You may well feel regret for a long time, maybe even forever when you think about it. Certainly you regret that you had to do this. You regret that your mother is not happy. The situation is sad. Feeling sad makes sense.

But guilt? Your mother developed dementia. That is Not Your Fault. Your brother wasn't there for her. That is Not Your Fault. Her disease progressed to a point where she needed a higher level of care and 24 hour supervision. That is Not Your Fault. In her currently befuddled mind she is saying she hates you. That is Not Your Fault. This situation is not your fault. Give up the guilt. You haven't earned it.

Once your mother settles in (if not stirred up by your brother) she will probably forget that she "hated" you. And if she were in her right mind, she'd probably be appalled that she said that!
Before you seek legal advice about your brother, I'd sit down with the facility administrator and see what their policies are about disruptive visitors. They may have some procedures for dealing with this.
Thank you so much. I keep trying to get my brain to deal with the situation. My brother has never done anything for her, he just cares that the money he thought he was going to inherit will be used for our mother's care. He never visits her, he only wanted to get her out. I don't think he had a plan. He called  the fact that she was in the nursing home as "kidnapping".

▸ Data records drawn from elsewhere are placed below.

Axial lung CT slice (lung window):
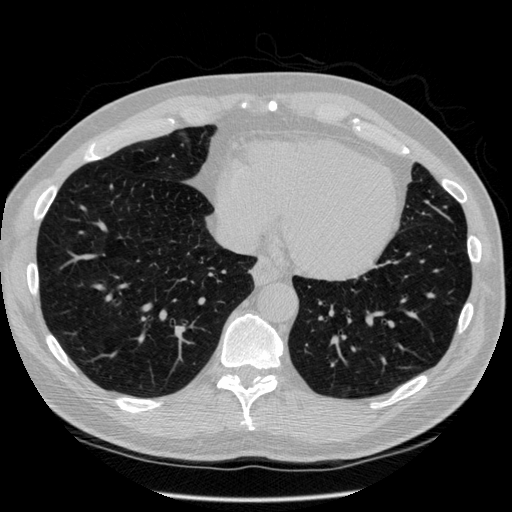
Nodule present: no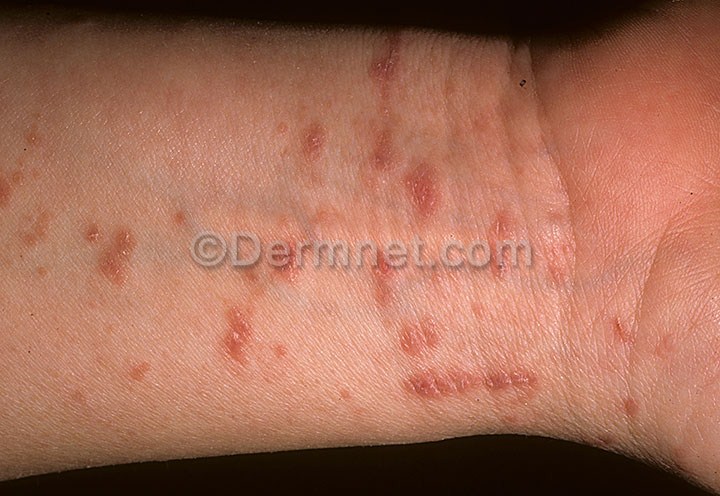
Disease: Psoriasis pictures Lichen Planus and related diseases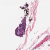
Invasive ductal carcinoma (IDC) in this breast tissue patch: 0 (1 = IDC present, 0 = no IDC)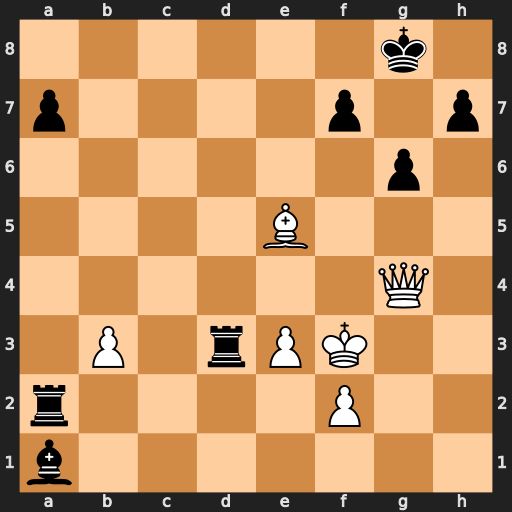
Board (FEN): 6k1/p4p1p/6p1/4B3/6Q1/1P1rPK2/r4P2/b7
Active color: w
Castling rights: -
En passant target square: -
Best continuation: Qc8+ Rd8 Qxd8#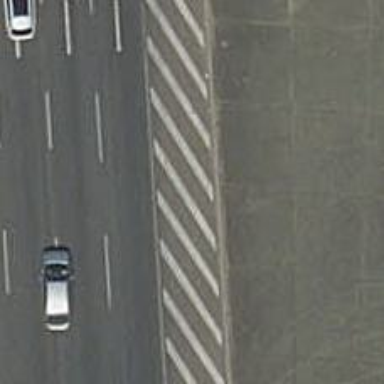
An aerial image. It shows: Asphalt motorway passing through tunnel.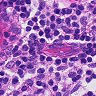
Metastatic tissue present: no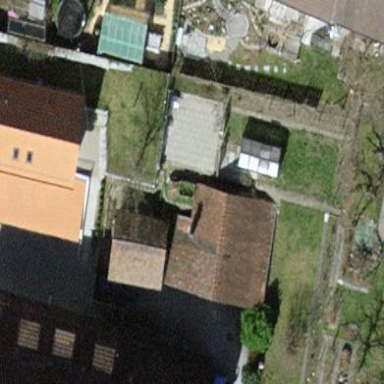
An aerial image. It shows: Shed.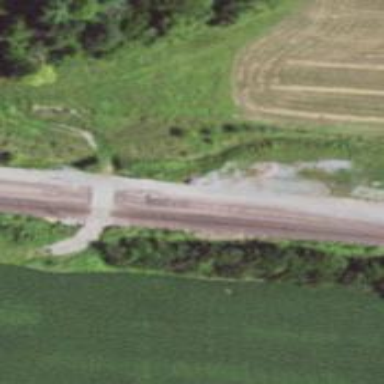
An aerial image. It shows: Trap point for railway derailment prevention.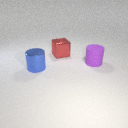
large blue metal cylinder to the left of large red metal cube
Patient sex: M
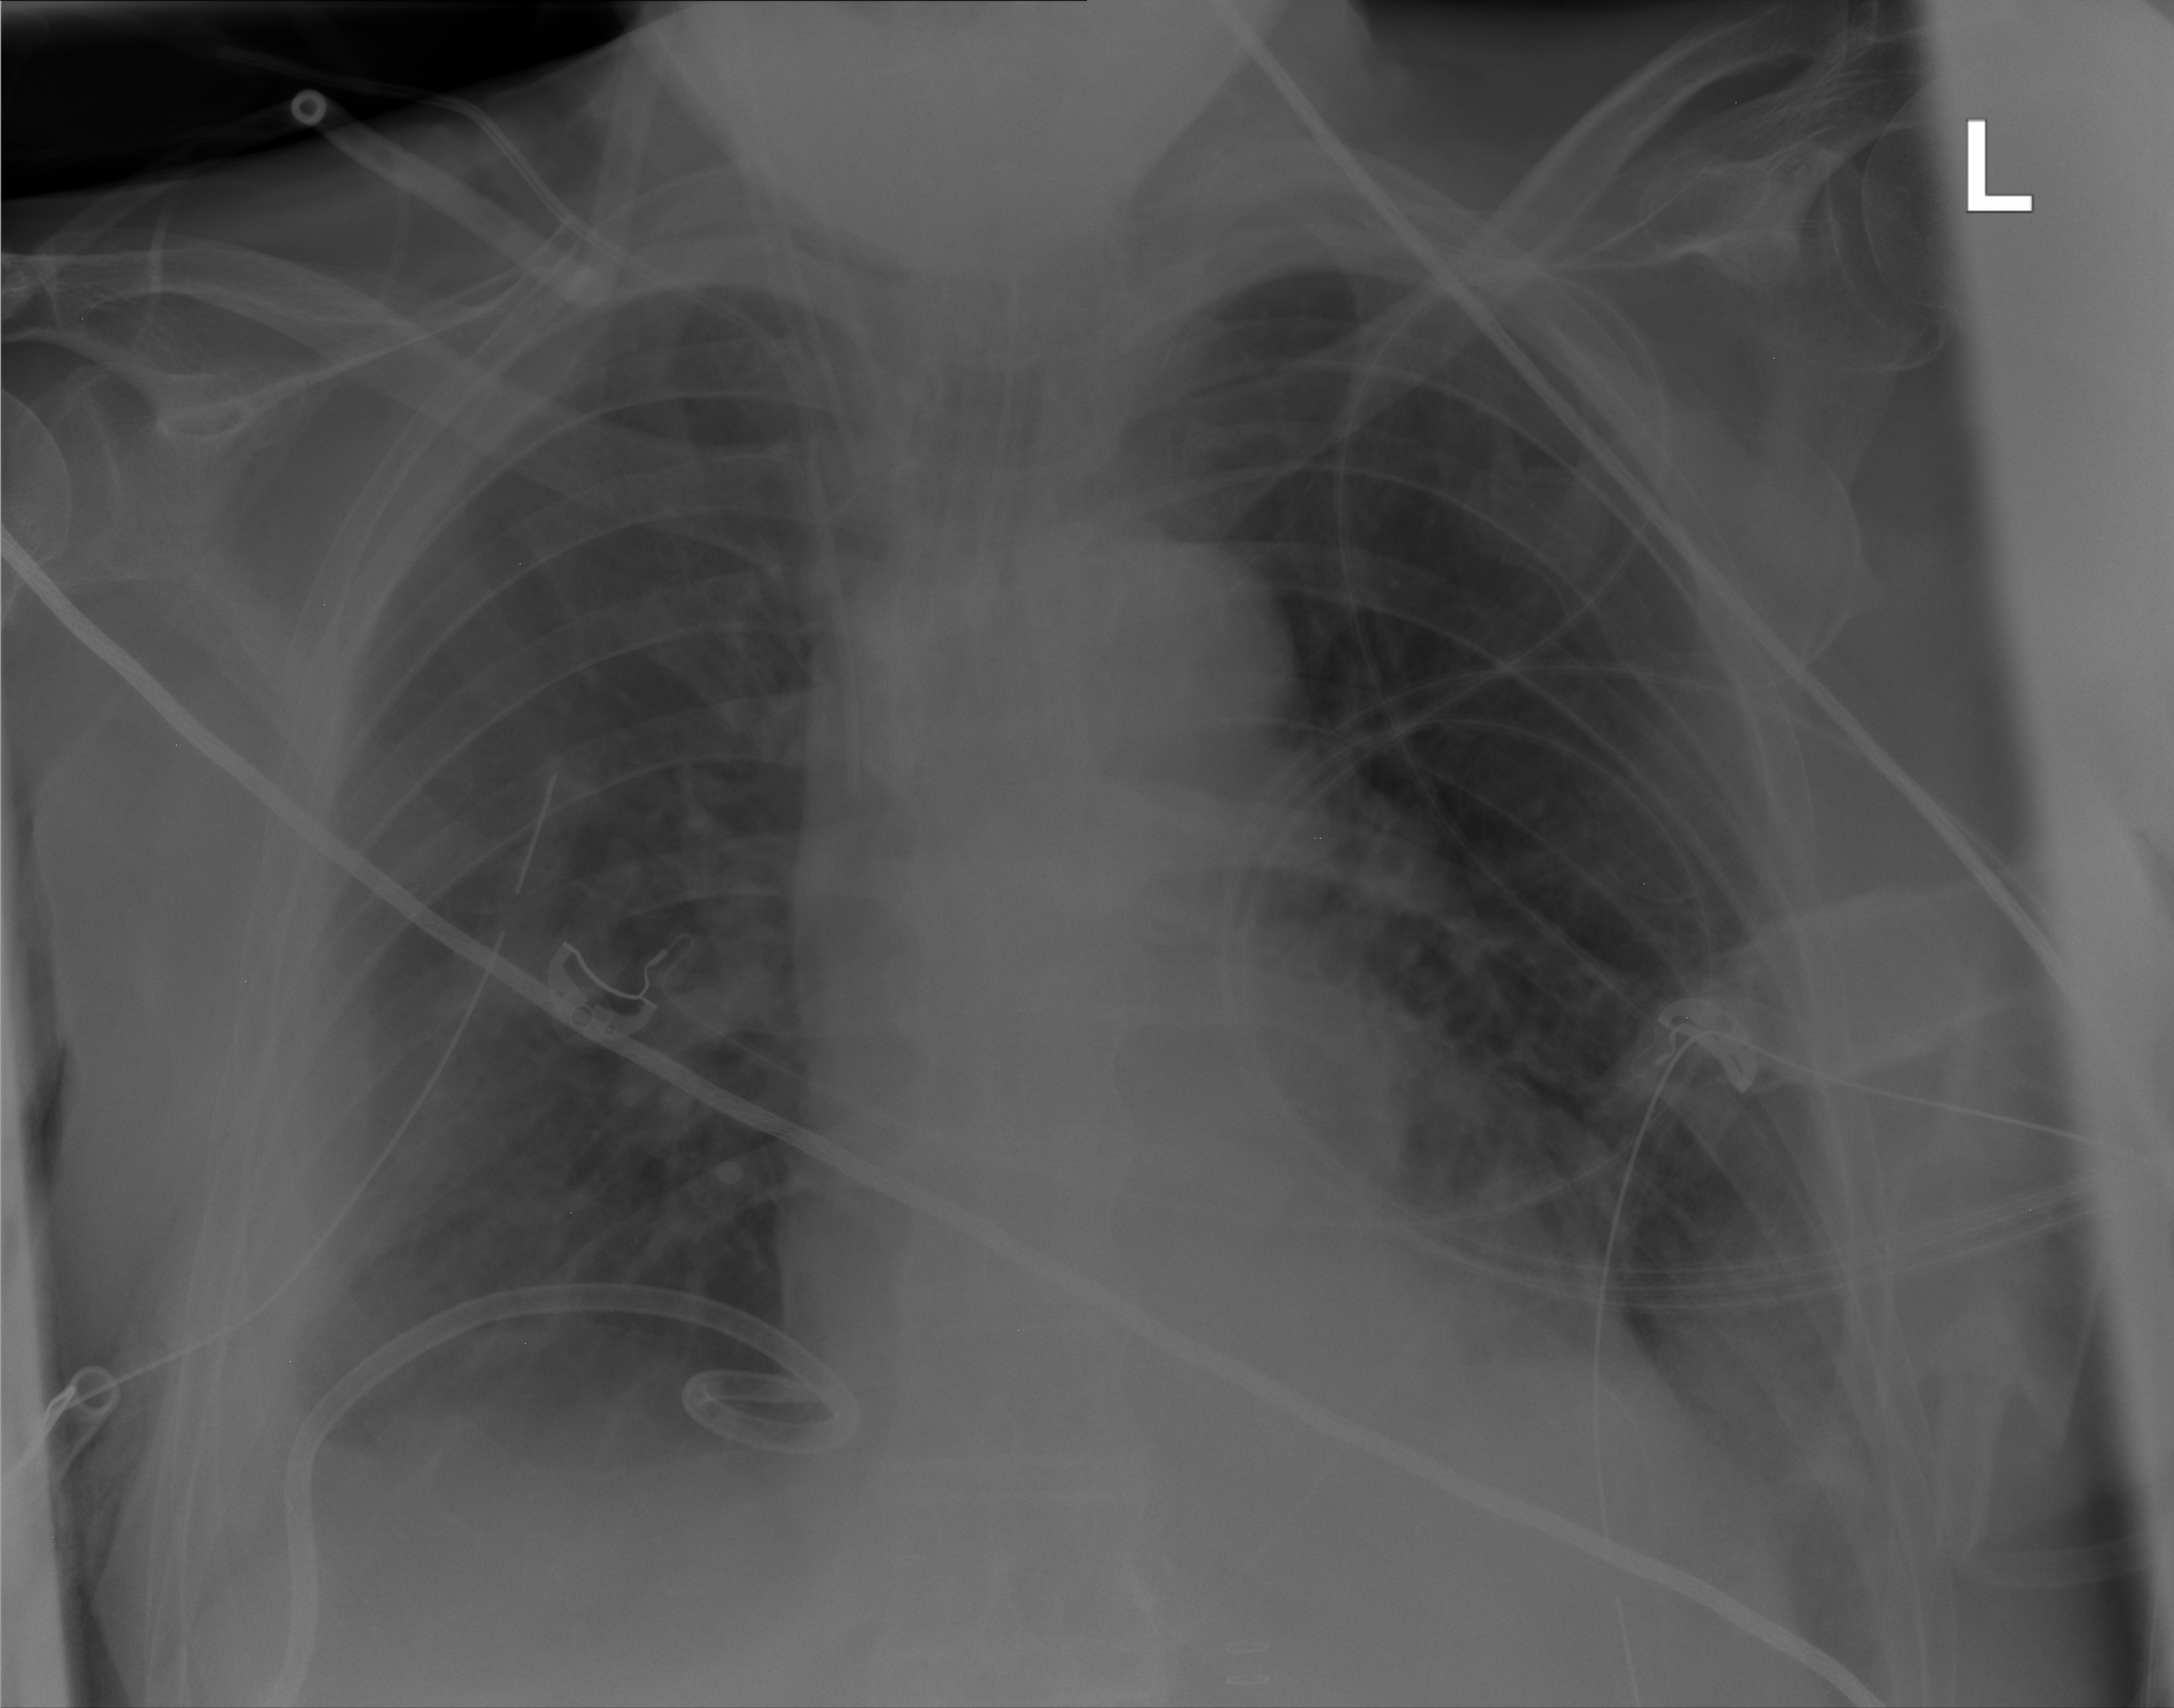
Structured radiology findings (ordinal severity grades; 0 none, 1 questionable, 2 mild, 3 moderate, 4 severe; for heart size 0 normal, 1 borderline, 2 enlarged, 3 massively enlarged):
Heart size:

Yes, I'd talk to the NH social worker about what steps they will take to insure that brother does not try to remove her.

But if he does, she is HIS responsibility, not yours.
There always seems to be at least one relative who fails to see the necessity of placing Mom in care, becoming part of the problem rather than the solution. They insist you're being cruel/insensitive/selfish because you're not willing to sacrifice all (marriage, your own health, finances, sanity) by keeping Mom in your own home or some other equally unsuitable arrangement. You might ask your brother when HE'LL be moving Mom into HIS home and see how he responds.

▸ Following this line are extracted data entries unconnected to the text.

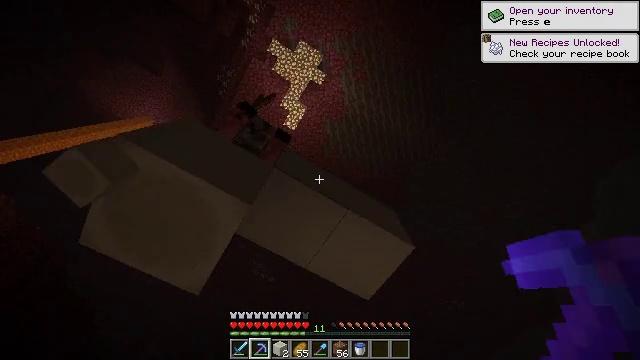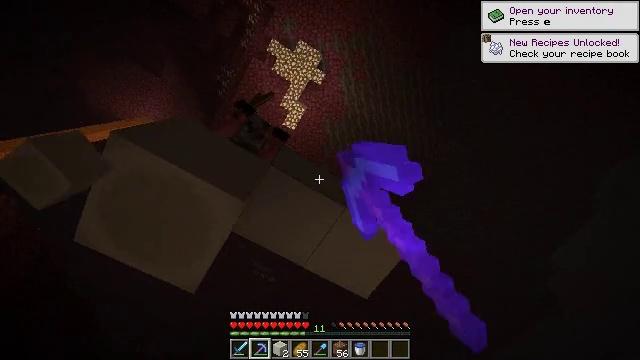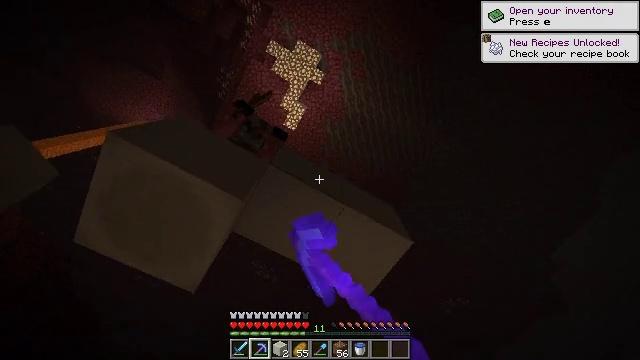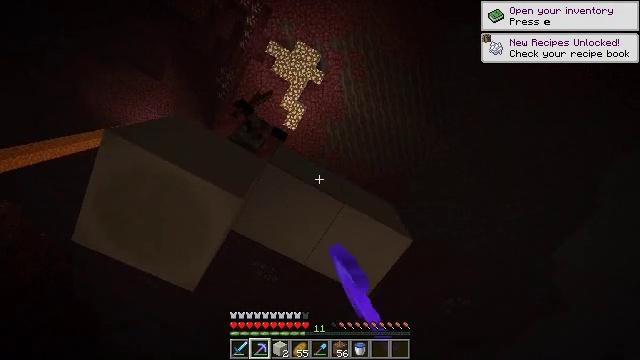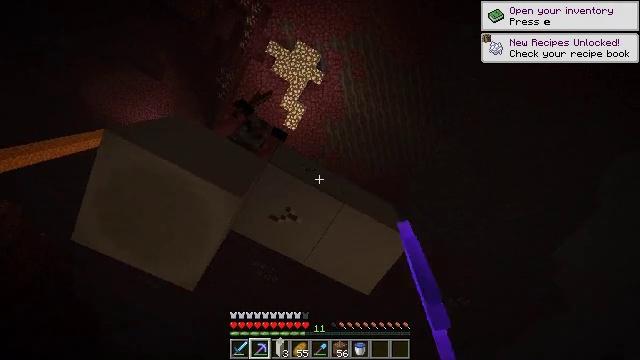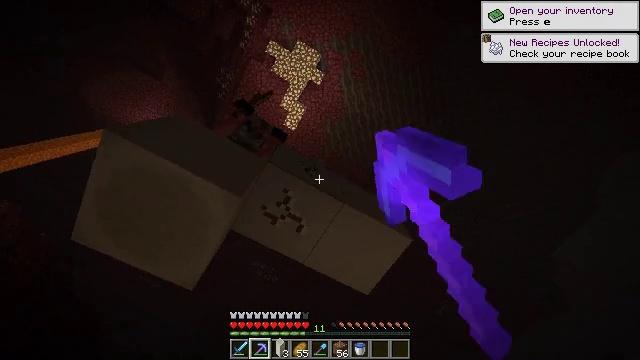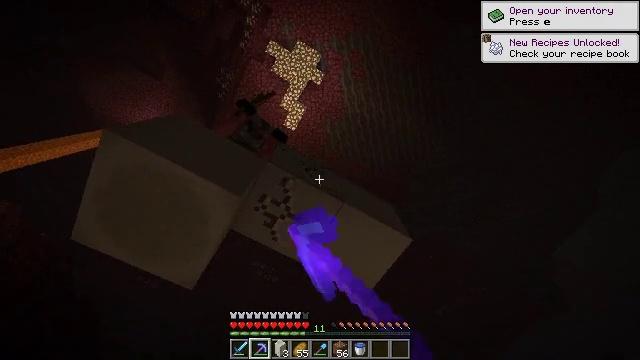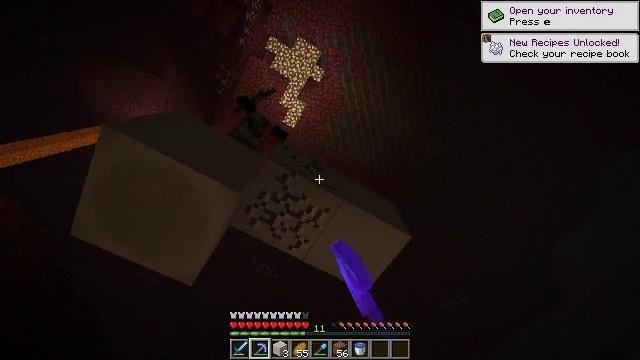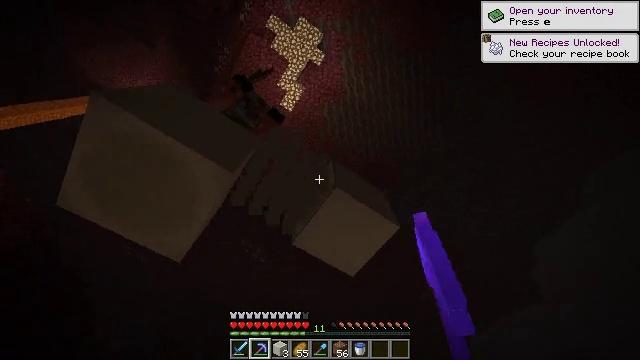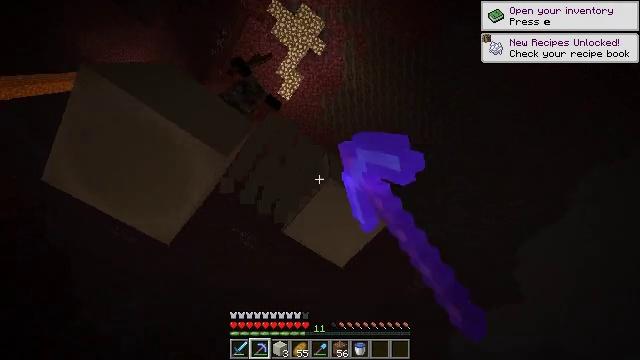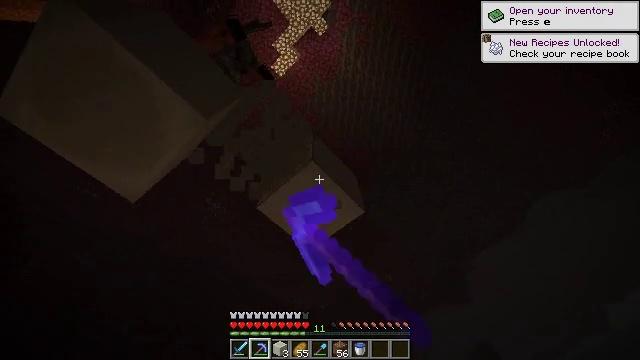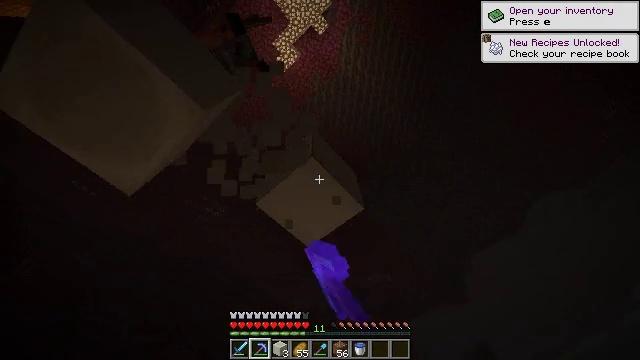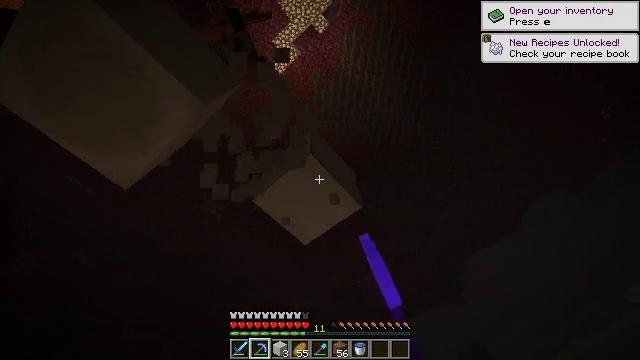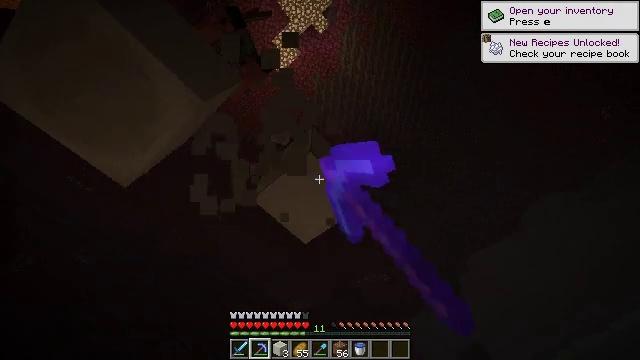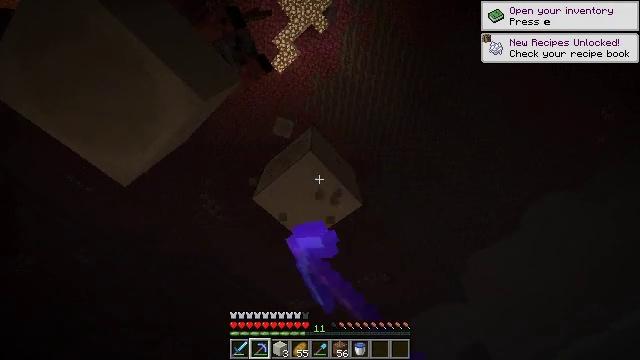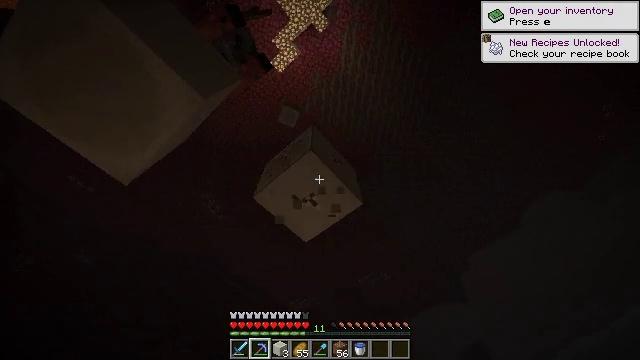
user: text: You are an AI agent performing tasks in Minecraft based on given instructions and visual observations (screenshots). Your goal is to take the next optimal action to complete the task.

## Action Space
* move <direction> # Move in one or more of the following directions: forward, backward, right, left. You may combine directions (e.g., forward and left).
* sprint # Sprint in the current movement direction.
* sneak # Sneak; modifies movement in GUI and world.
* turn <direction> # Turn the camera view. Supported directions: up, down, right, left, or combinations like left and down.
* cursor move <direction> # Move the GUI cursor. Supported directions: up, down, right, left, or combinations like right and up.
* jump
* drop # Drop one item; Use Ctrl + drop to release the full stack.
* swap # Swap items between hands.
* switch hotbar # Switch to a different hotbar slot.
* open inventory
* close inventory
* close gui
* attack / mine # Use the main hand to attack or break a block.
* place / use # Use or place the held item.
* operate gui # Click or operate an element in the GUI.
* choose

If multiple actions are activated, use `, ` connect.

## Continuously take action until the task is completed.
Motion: motion action
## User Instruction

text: Mine the bone block found in fossils.
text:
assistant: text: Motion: sneak, attack / mine
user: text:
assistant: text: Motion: sneak, turn left, attack / mine
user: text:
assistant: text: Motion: sneak, attack / mine
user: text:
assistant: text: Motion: sneak, attack / mine
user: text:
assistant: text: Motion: sneak, attack / mine
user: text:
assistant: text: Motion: sneak, attack / mine
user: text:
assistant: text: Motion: sneak, attack / mine
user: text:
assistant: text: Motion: move forward, sneak, turn right and down, attack / mine
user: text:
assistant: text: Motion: move forward, sneak, turn right and down, attack / mine
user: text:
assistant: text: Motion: move forward, sneak, turn right and down, attack / mine
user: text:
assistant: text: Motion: sneak, attack / mine
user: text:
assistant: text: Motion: sneak, turn right, attack / mine
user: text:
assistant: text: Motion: sneak, attack / mine
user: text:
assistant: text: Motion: sneak, attack / mine
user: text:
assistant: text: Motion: sneak, attack / mine
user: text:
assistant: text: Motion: sneak, attack / mine
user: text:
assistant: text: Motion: sneak, attack / mine
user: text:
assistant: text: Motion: sneak, attack / mine
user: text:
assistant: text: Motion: sneak, attack / mine
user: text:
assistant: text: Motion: sneak, attack / mine
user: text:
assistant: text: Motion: sneak, attack / mine
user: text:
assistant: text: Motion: sneak, attack / mine
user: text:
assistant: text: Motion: sneak, attack / mine
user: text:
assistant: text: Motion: sneak, attack / mine

Sometimes what a person needs is not gonna be what they want. If your mom is on Medicaid, there won't be anything to inherit except personal things like clothes, maybe a teacup and a piece of furniture. Even if she has money saved, the NH will eat up those savings and there still won't be any kind of cash to inherit. I'm guessing that is what your brother really wants is the money but you to keep taking care of her. If you have POA, talk to the NH to limit your brother's visits to once every couple weeks with you being there. He can't visit her alone. You did the best you could when you took care of her at home, but her needs became more than what you could due. Keeping her clean, safe and fed is honoring the mother and father bit.